Ed è veramente così o finge?


----------



## Splendidi Incisivi (14 Marzo 2015)

Butcher ha scritto:


> Ed è veramente così o finge?


È veramente così, te lo posso garantire. Aveva lo stesso atteggiamento coi professori.


----------



## Milo (14 Marzo 2015)

cavolo che carattere, direi unico.


----------



## Fabriman94 (14 Marzo 2015)

Esibizione che ho visto e strarivisto su youtube, un grande, veramente.

P.S: Ma come diavolo parla Frank Matano? Madò, a malapena sa mettere insieme due parole, spero per lui che lo faccia apposta, mi domando che senso ha avuto metterlo lì in mezzo a giudicare. Lui...


----------



## Fabriman94 (14 Marzo 2015)

Esibizione che ho visto e strarivisto su youtube, un grande, veramente.
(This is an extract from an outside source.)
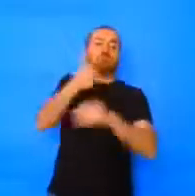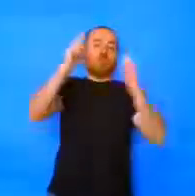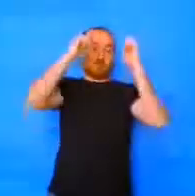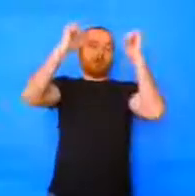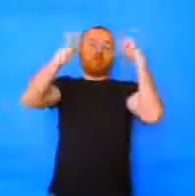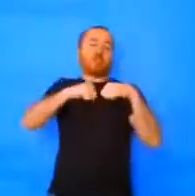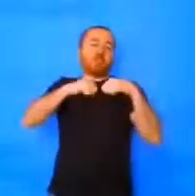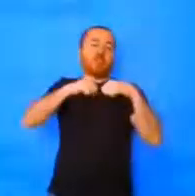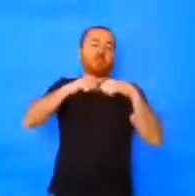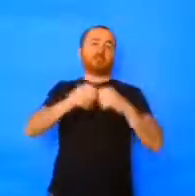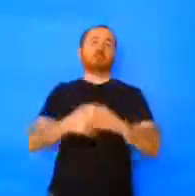Fijó.
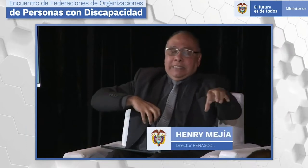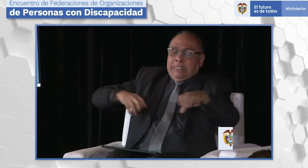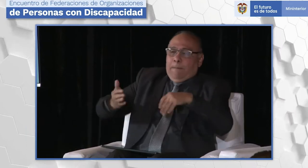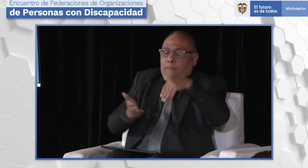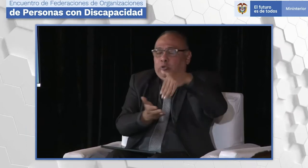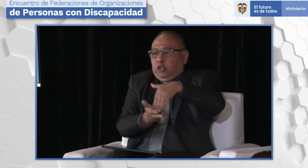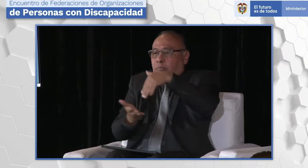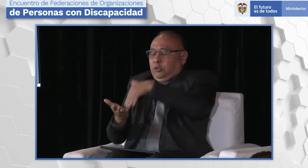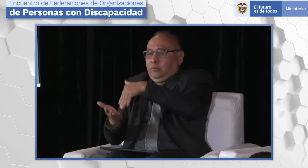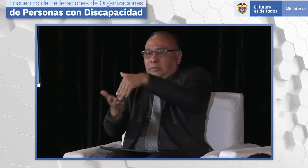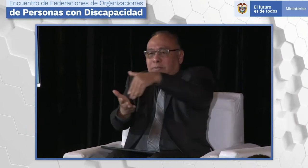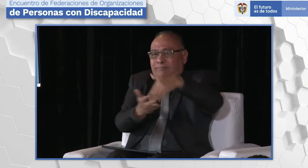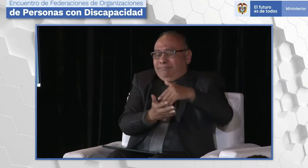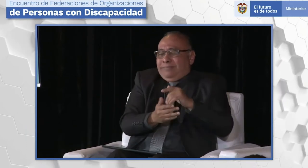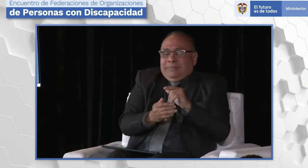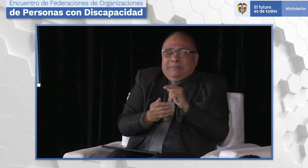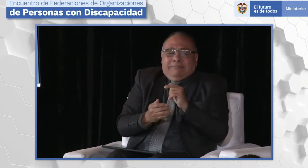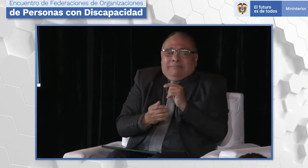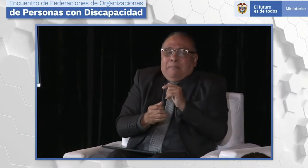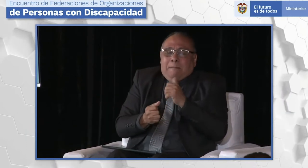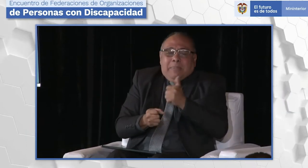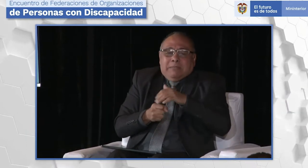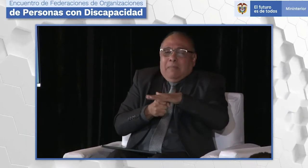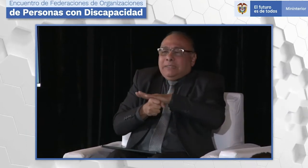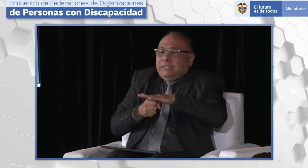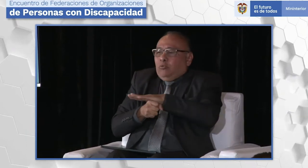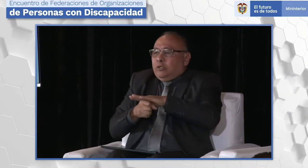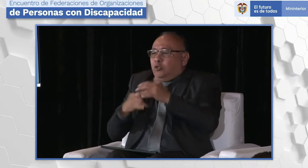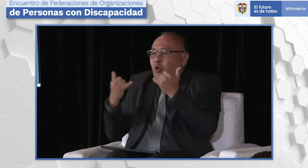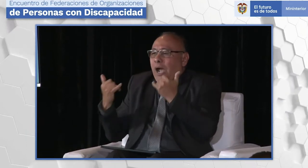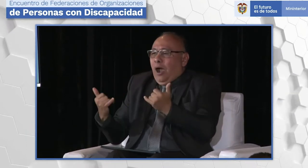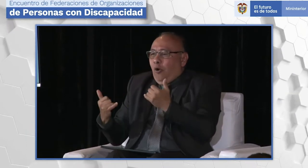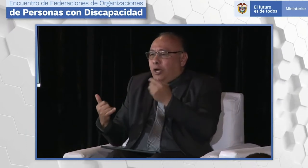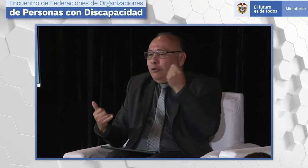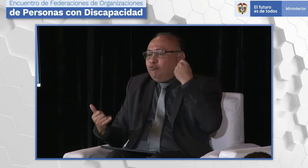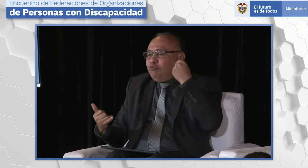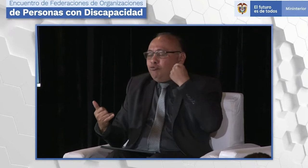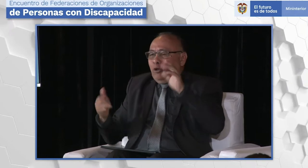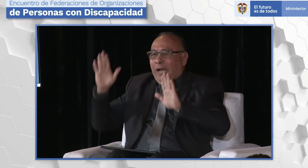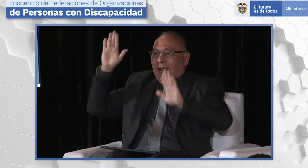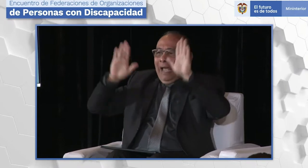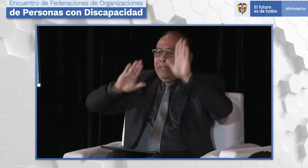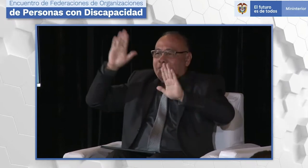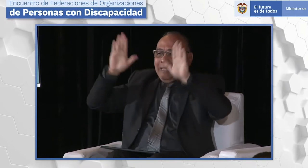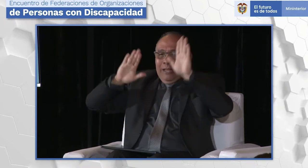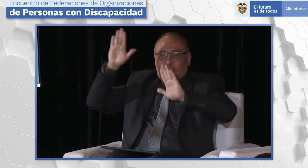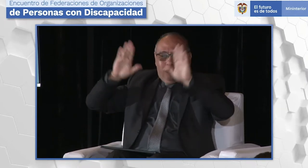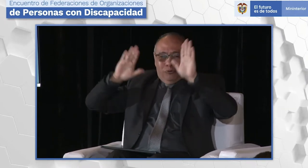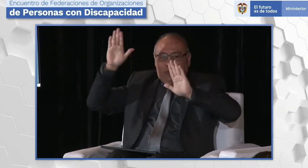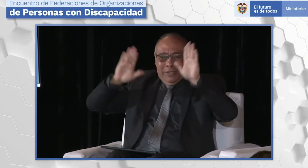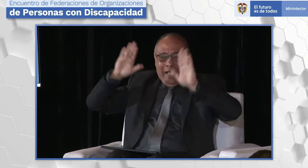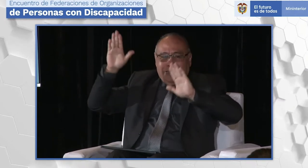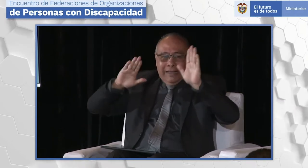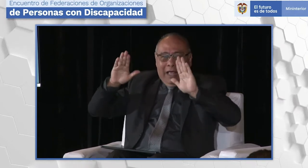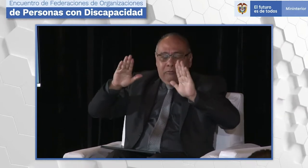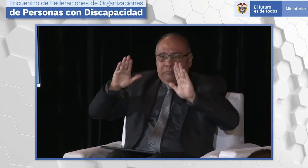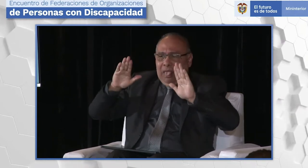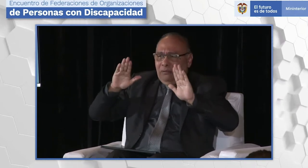Porque muchas veces tenemos diferentes posturas, claramente. Entonces, ¿cuál es la situación actual? Por ejemplo, para los
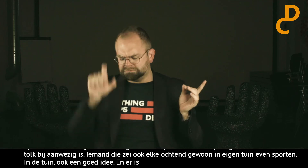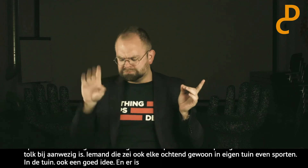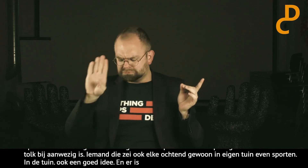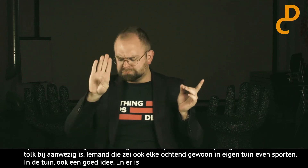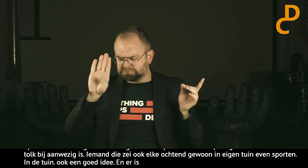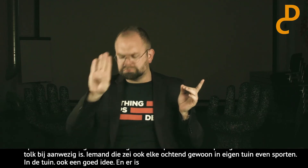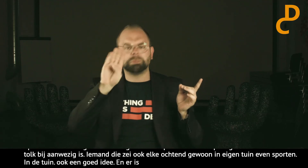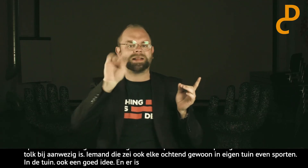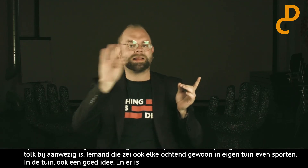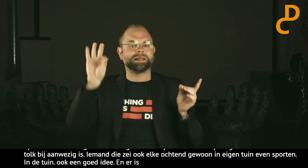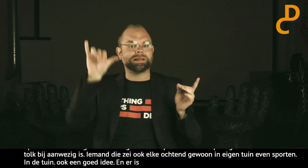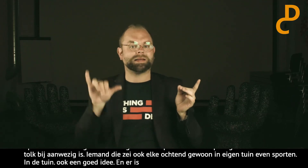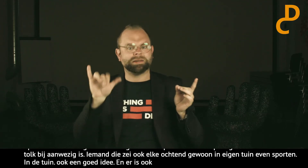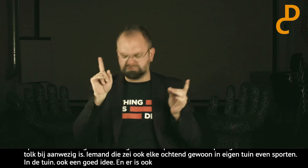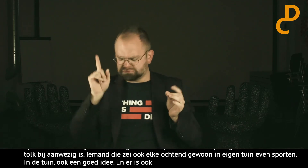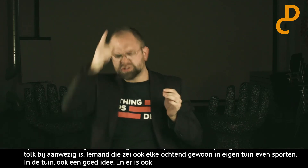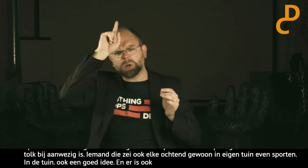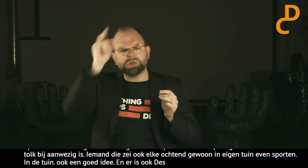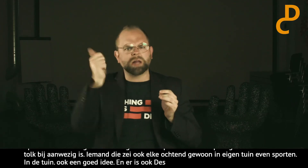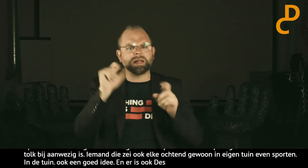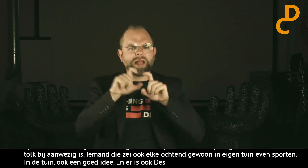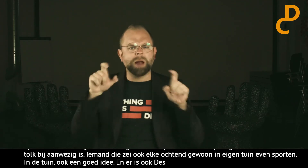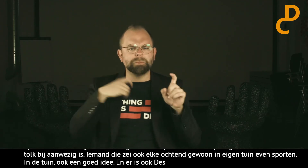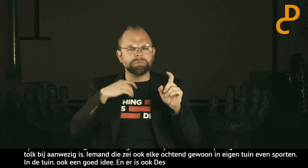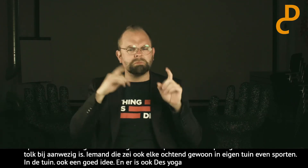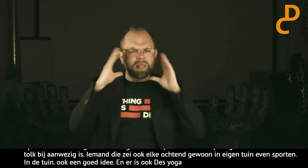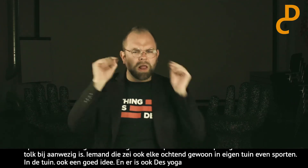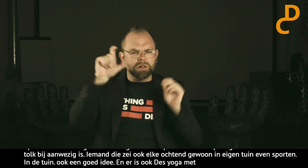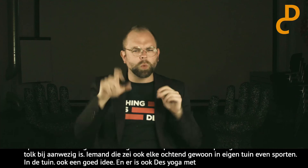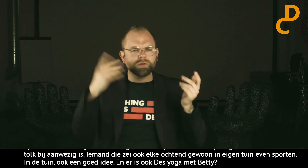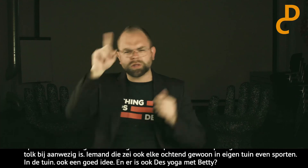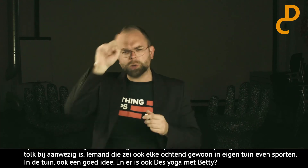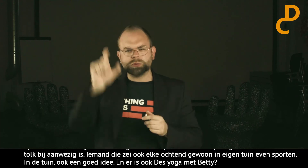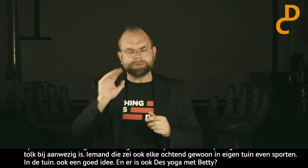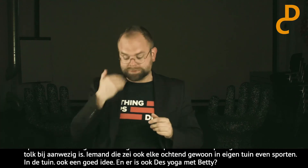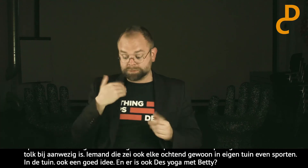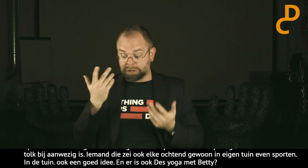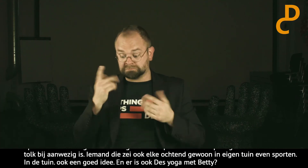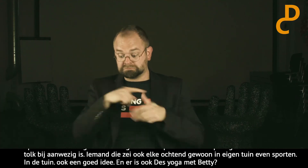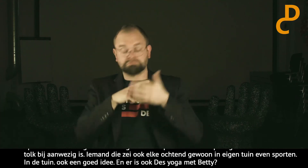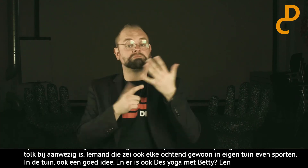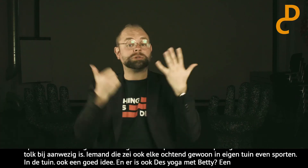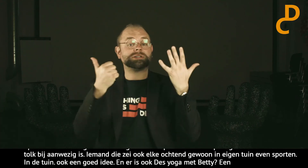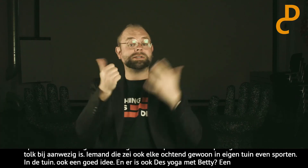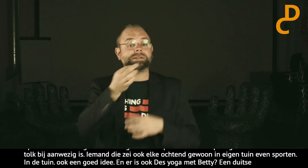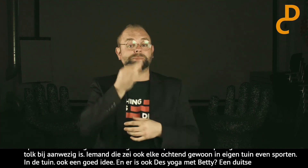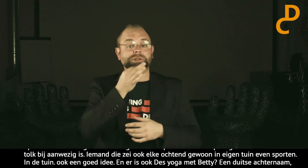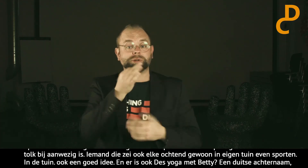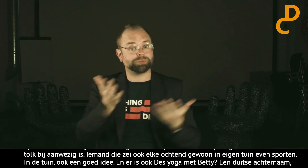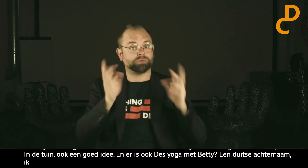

P.S: Ma come diavolo parla Frank Matano? Madò, a malapena sa mettere insieme due parole, spero per lui che lo faccia apposta, mi domando che senso ha avuto metterlo lì in mezzo a giudicare. Lui...

P.S: Scusate il doppione, eliminatelo, grazie.


----------



## Nicco (14 Marzo 2015)

Beh è un talento, tecnicamente è nel programma giusto.


----------



## DannySa (14 Marzo 2015)

Con "Non la chiamerei" era già da finale.


----------



## Butcher (14 Marzo 2015)

Splendidi Incisivi ha scritto:


> È veramente così, te lo posso garantire. Aveva lo stesso atteggiamento coi professori.



Il mio nuovo idolo


----------



## Hammer (14 Marzo 2015)

Fin dal primo secondo Nina Zilli mi ha dato l'impressione di recitare in maniera finta e posticcia una parte già scritta. Mi è venuto da pensare a una scenetta già programmata. Comunque sia, lei è insopportabile e si è mostrata molto spocchiosa.

Lui invece è un eroe, le risposte finali sono immense


----------



## prebozzio (16 Marzo 2015)

Bravissimo, ho visto dei video di qualche anno fa e si vede che si è dedicato anima e corpo all'electro dance (o quello che è).


----------